I believe that people locally are taking different views of the evidence, which leads to differences in the availability of different treatments. When we have guidance from NICE, that will be consistent and authoritative and we would expect people taking decisions to take full account of it.
Denis MacShane
Labour, Rotherham
In welcoming NICE, which will put an end to the Tory racket of postcode prescribing, is my hon. Friend aware that there are a great many rising expectations of NICE, and that if NICE strikes a drug that many believe is of use off the list that is available on the NHS, that will greatly disappoint many people? Is he, in his discussions with NICE, drawing its attention to the need to make more drugs available, not fewer?
John Denham
Minister of State (Department of Health)
NICE is aware of the resources that are available to the national health service. It is aware that those resources are rising and that spending on drugs has increased faster than the resources available to the national health service.

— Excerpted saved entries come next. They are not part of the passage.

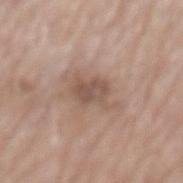The lesion was tiled from a total-body skin photograph and was not biopsied. An algorithmic analysis of the crop reported a lesion area of about 8 mm², an outline eccentricity of about 0.75 (0 = round, 1 = elongated), and two-axis asymmetry of about 0.3. The software also gave a lesion–skin lightness drop of about 9 and a normalized lesion–skin contrast near 6.5. A male patient, in their mid-70s. A lesion tile, about 15 mm wide, cut from a 3D total-body photograph. Captured under white-light illumination. Located on the back. The recorded lesion diameter is about 4.5 mm.
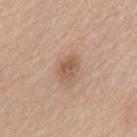Q: Was this lesion biopsied?
A: no biopsy performed (imaged during a skin exam)
Q: What is the imaging modality?
A: ~15 mm crop, total-body skin-cancer survey
Q: What is the anatomic site?
A: the back
Q: Illumination type?
A: white-light illumination
Q: Lesion size?
A: ~2.5 mm (longest diameter)
Q: What are the patient's age and sex?
A: male, roughly 65 years of age
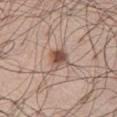The lesion was photographed on a routine skin check and not biopsied; there is no pathology result.
A region of skin cropped from a whole-body photographic capture, roughly 15 mm wide.
The subject is a male about 70 years old.
On the front of the torso.
Imaged with white-light lighting.
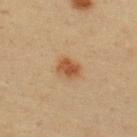The lesion was photographed on a routine skin check and not biopsied; there is no pathology result. A region of skin cropped from a whole-body photographic capture, roughly 15 mm wide. Measured at roughly 3 mm in maximum diameter. A male patient, aged around 40. Located on the upper back. The total-body-photography lesion software estimated an average lesion color of about L≈47 a*≈21 b*≈34 (CIELAB) and about 10 CIELAB-L* units darker than the surrounding skin. It also reported a border-irregularity index near 1.5/10 and a peripheral color-asymmetry measure near 1. This is a cross-polarized tile.
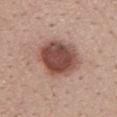Clinical impression: Part of a total-body skin-imaging series; this lesion was reviewed on a skin check and was not flagged for biopsy. Clinical summary: This image is a 15 mm lesion crop taken from a total-body photograph. On the upper back. Imaged with white-light lighting. Approximately 5.5 mm at its widest. Automated image analysis of the tile measured a lesion area of about 21 mm², a shape eccentricity near 0.6, and a shape-asymmetry score of about 0.15 (0 = symmetric). The analysis additionally found a border-irregularity rating of about 2/10 and a color-variation rating of about 5/10. A female subject, roughly 25 years of age.

The good news for my hon. Friend is that NICE is taking its decisions in the context of a Government who are committed to investing in the national health service and to increasing that investment, because we certainly want to ensure that clinically effective and cost-effective treatments which are a good use of those resources are made available in the national health service. That is so very different from the record of the Conservative Government, who introduced a system of postcode prescribing which determined what sort of treatment a person could obtain. The Conservatives now have a new policy—they want to do away with the previous one and simply tell people that they can obtain treatment only if they can afford to pay for it.
Martin Smyth
UUP, Belfast South
I understand the problem to which the Minister refers, but what answer would he give to the lady who wrote to me to say that she had taken part in randomised testing, at the end of which, after she had found benefit from the treatment, she was told by the doctor that she had been taking not a placebo but beta interferon, but that, because of the restrictions, it was unlikely that she would be able to get it in future? Surely the hon. Member for Norwich, North (Dr. Gibson) was emphasising an issue that needs to be addressed, namely, to provide effective treatment throughout the country.
John Denham
Minister of State (Department of Health)
One of our problems is that the results of proper drug trials are sometimes interpreted differently by different clinicians and different health authorities, which can lead to a difference in the pattern of provision. The great advantage of NICE is that it brings together leading clinicians within an organisation that draws heavily on the expertise not just of clinicians, but of managers and of patients' groups, in order to make an authoritative assessment of the evidence emerging from those trials.
I believe that that will be a great strength to the national health service, because it will mean that the advice that is available to decision makers is based on the best evidence about what works clinically, is cost-effective and is a good use of NHS resources. I hope that that will mean that those patients who may be in the position that the hon. Gentleman's constituent describes get treatment if that treatment is clinically effective and cost-effective for them.